Traceability meant reorganizing work at all stages of the production chain, from receiving the cattle to meat packing. So pressurizing are these that they often force workers to choose between keeping up the pace of work and keeping to health rules, says the author.
With the fear of a health scandal never far away, workers come under pressure from above through a subtle blend of guilt and accountability. Management take a line that "appeals to the worker's good citizenship (...) as being health-protecting (or life-saving) and may, in the event, be responsible for administrative closure and the prospect of layoffs."
It is interesting to note in this connection that what directs preventive measures is the preservation of safety in the food chain, not the protection of workers' health.

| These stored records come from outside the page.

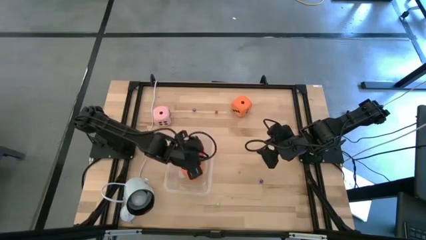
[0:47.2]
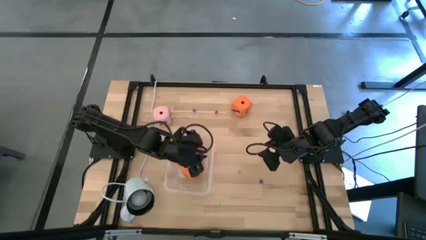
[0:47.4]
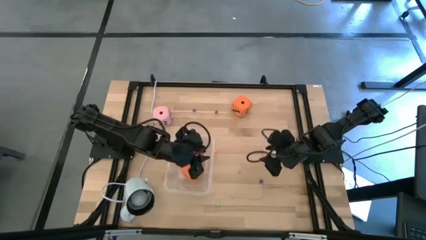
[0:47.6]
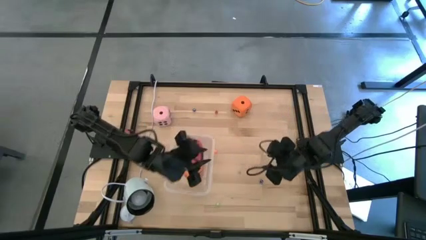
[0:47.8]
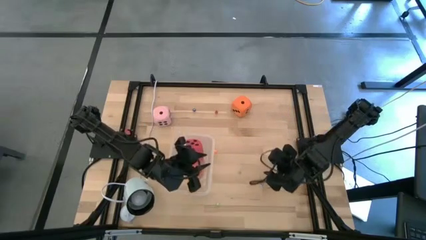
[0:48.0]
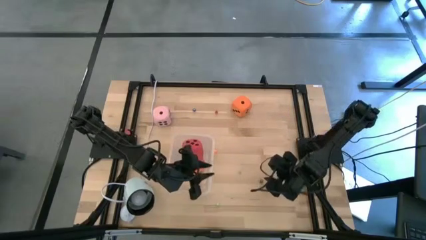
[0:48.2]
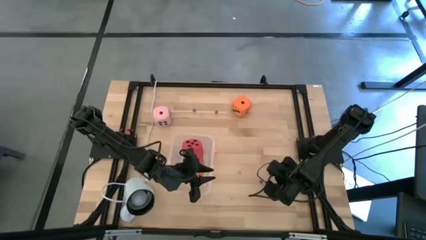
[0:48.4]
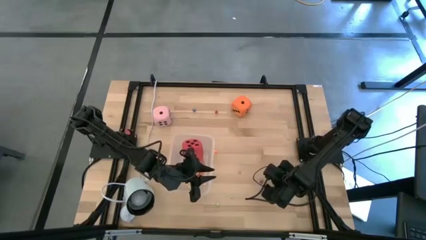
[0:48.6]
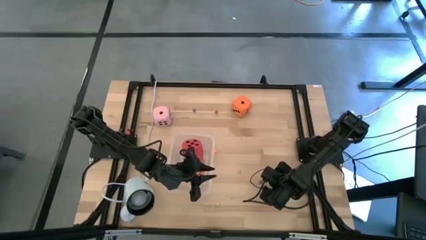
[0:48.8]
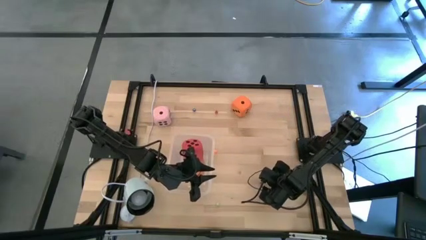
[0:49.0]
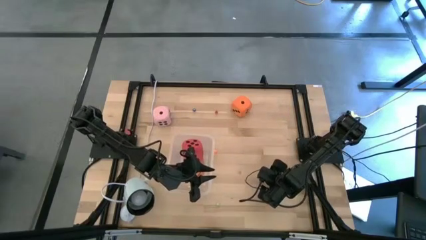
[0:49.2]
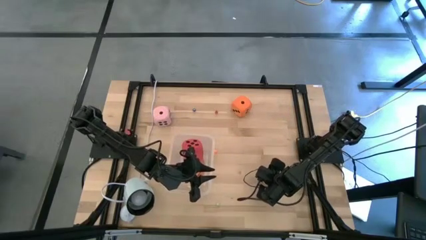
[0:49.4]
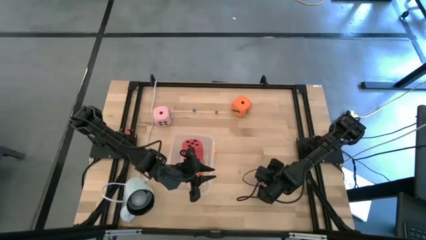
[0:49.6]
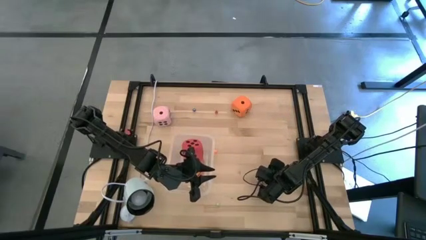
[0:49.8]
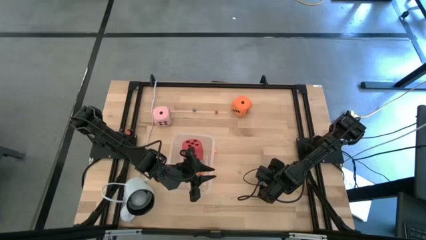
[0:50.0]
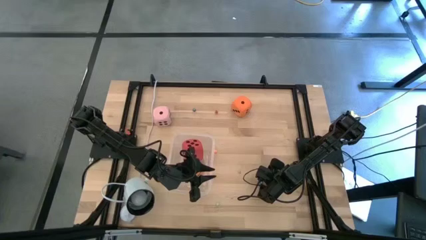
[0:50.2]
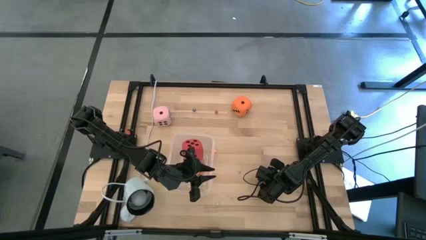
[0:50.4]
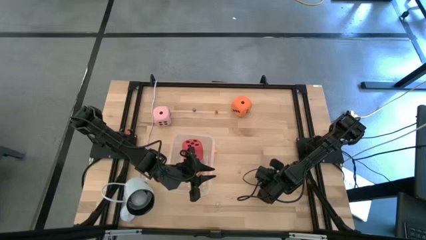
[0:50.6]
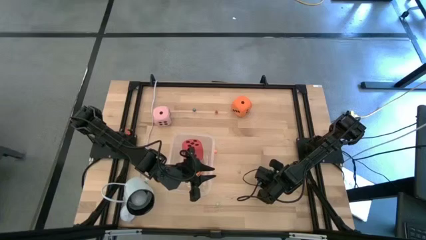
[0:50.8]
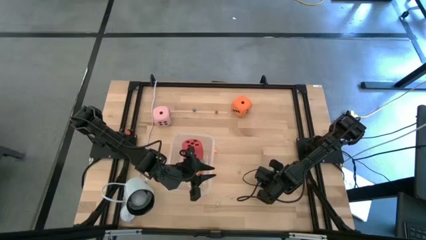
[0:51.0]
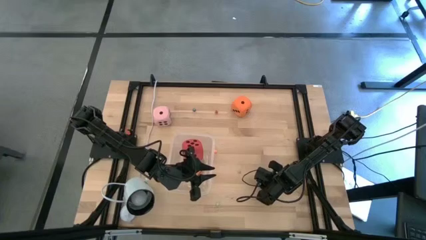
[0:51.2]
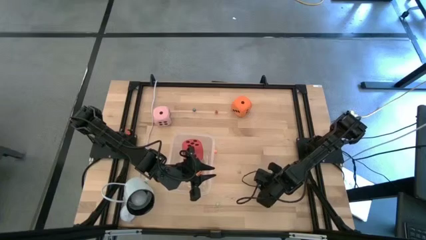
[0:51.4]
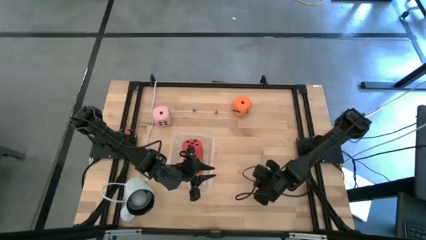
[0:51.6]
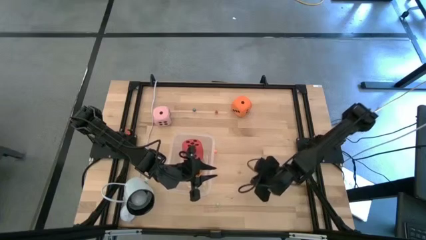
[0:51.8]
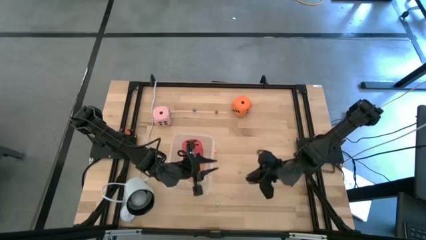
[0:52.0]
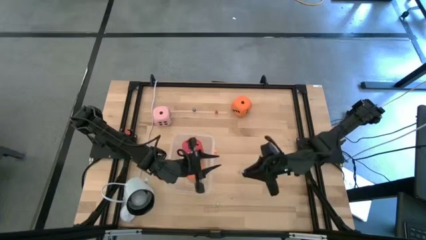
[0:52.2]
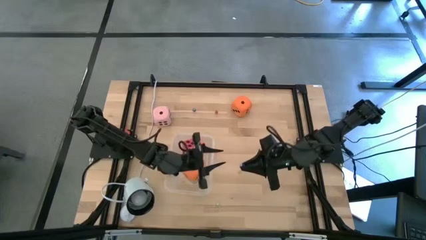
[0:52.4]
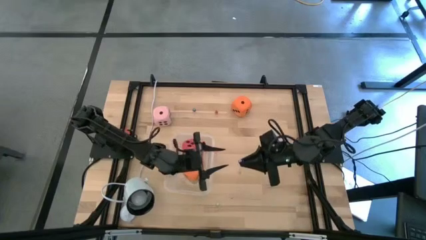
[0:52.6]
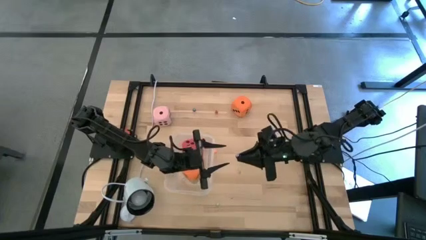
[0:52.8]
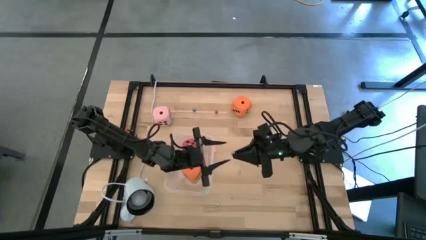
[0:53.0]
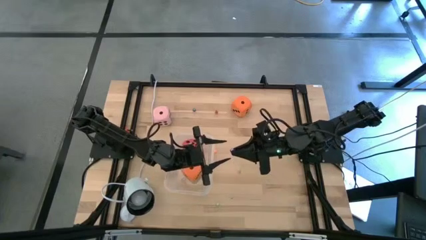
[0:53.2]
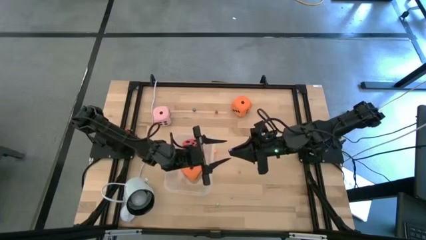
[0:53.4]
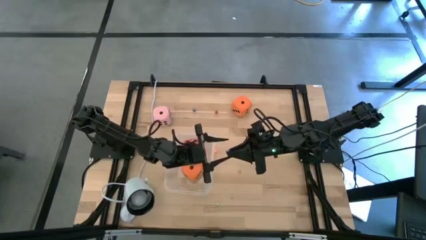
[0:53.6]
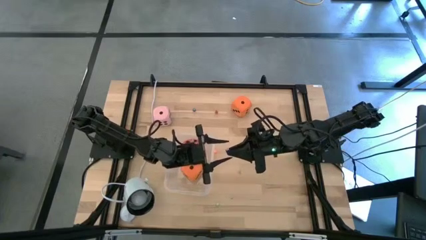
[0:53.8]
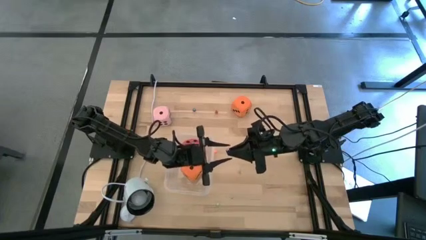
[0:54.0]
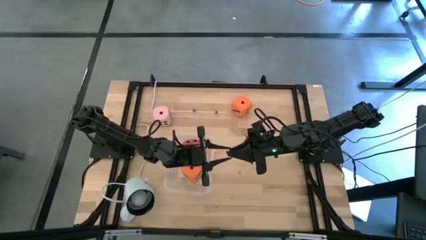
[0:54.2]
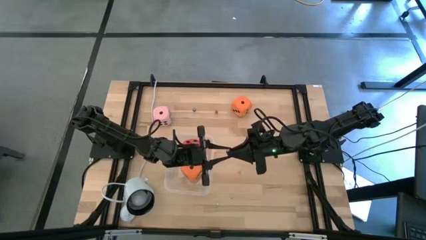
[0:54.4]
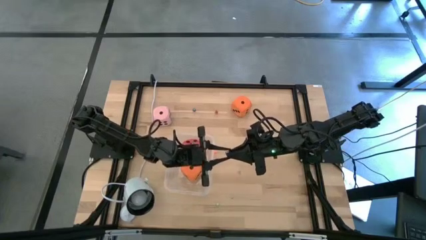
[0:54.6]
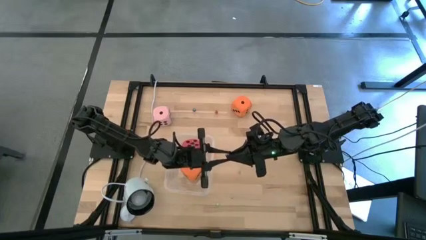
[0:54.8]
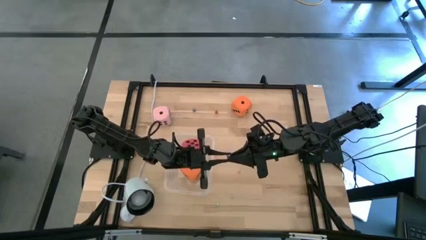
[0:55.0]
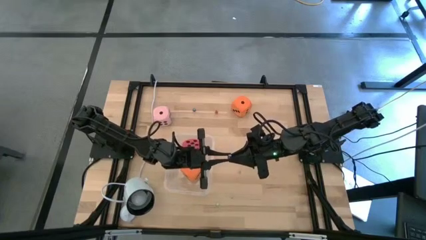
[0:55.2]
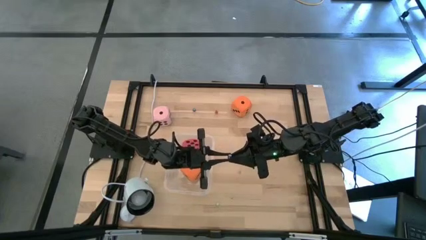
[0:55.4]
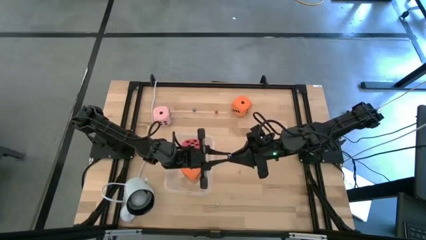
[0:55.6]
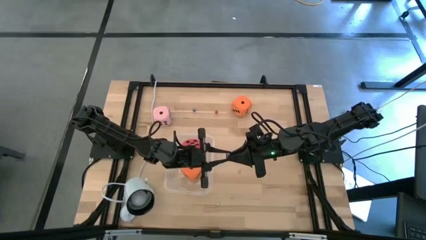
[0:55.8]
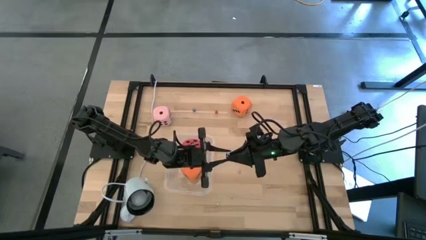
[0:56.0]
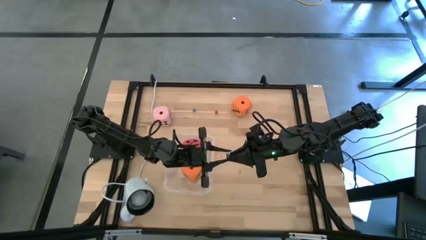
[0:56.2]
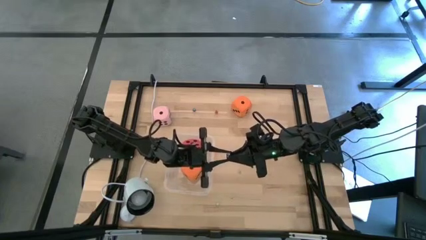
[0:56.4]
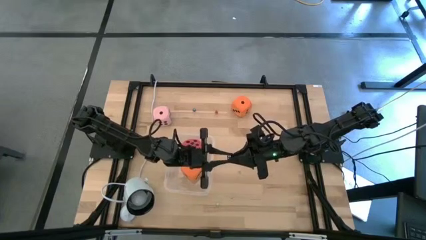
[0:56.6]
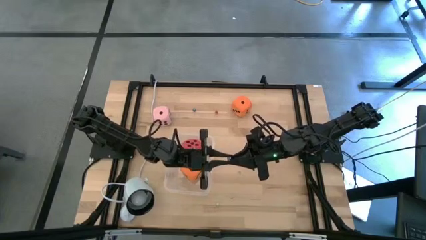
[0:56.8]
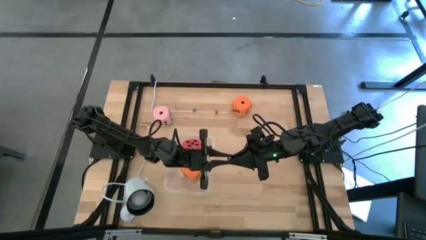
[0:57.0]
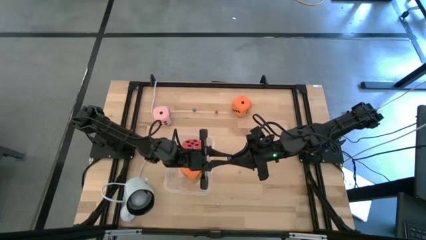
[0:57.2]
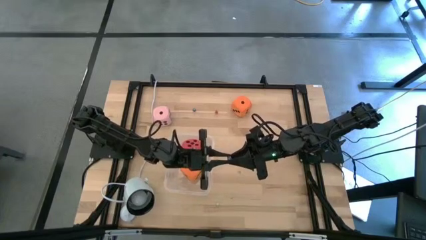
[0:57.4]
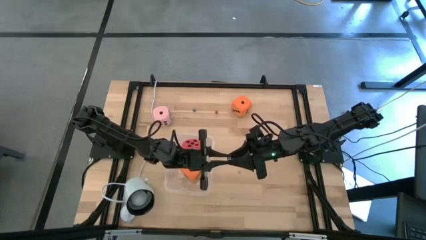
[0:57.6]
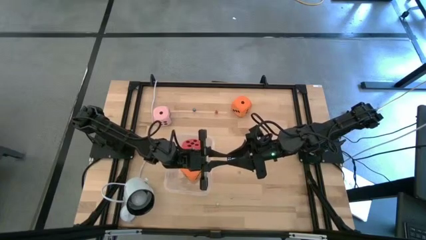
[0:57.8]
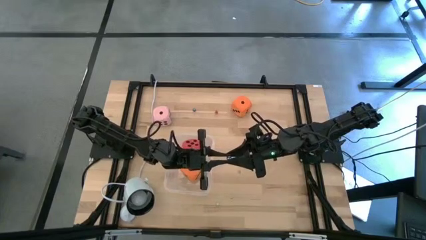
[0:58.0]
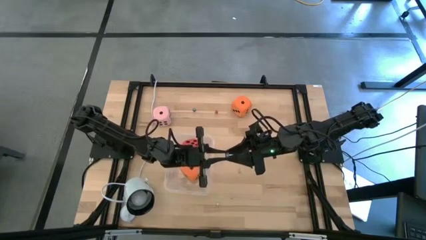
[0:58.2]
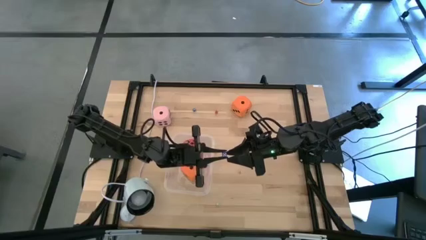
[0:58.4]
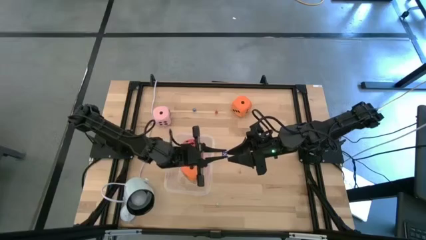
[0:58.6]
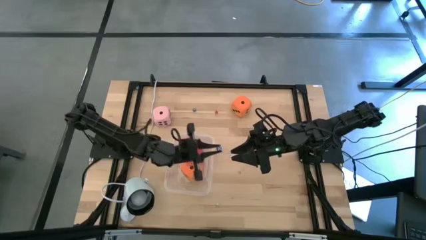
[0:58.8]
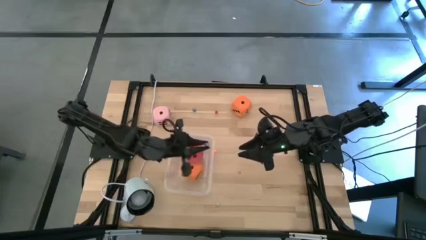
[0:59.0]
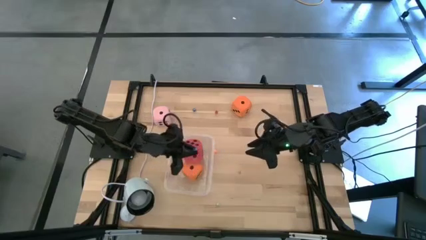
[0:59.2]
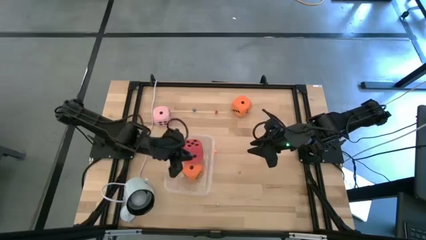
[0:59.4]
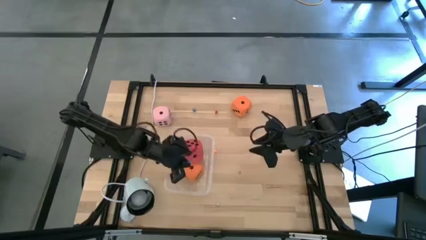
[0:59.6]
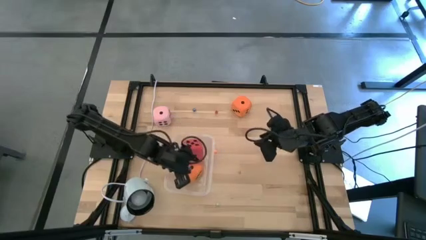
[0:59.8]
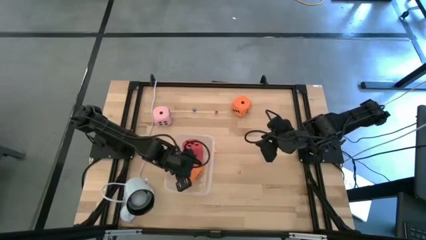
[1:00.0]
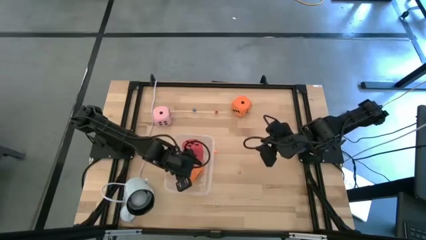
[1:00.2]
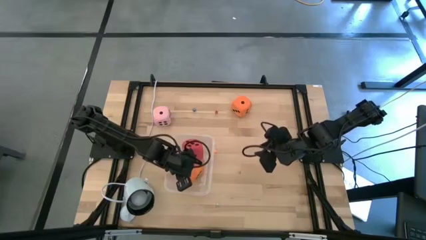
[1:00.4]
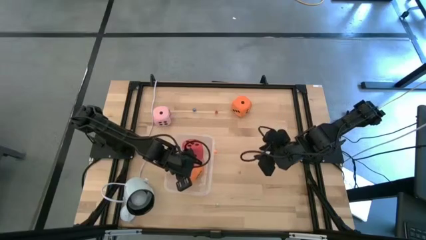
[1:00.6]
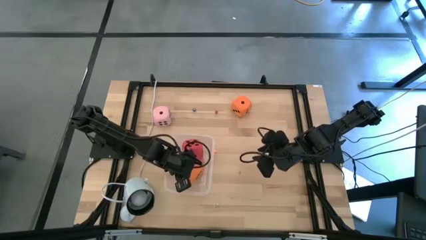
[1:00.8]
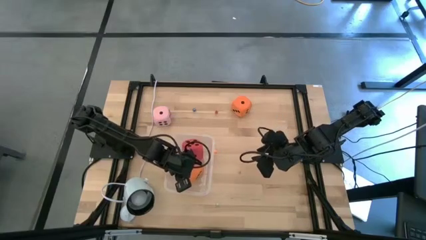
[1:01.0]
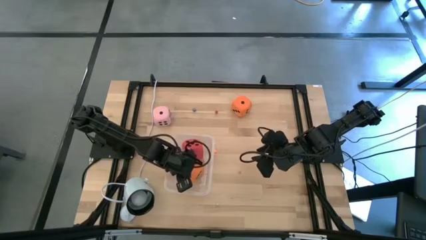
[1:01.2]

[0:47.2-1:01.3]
Task: Pick & Place Dice
Put the bottom small dark blue die on the bin

In fact, workers are seen as nothing more than contaminants. "The risk management applied in slaughterhouses recognizes that the product has potential to contaminate the final consumer, whereas the worker who handles "hazardous material" falls outside the scope of endangerment: the fact that their chafed and grazed hands are in contact with brains or spinal cords is not characterized as a risk. Recognition of such a risk would mean having to award an allowance or regrading", says Séverin Muller bluntly.
With 262 work accidents per 1,000 workers compared to 54 per 1,000 in industrial activities, and three out of four new hires leaving before the end of their probationary period, it is high time the meat industry began to think hard about the working conditions in its slaughterhouses. — Denis Grégoire"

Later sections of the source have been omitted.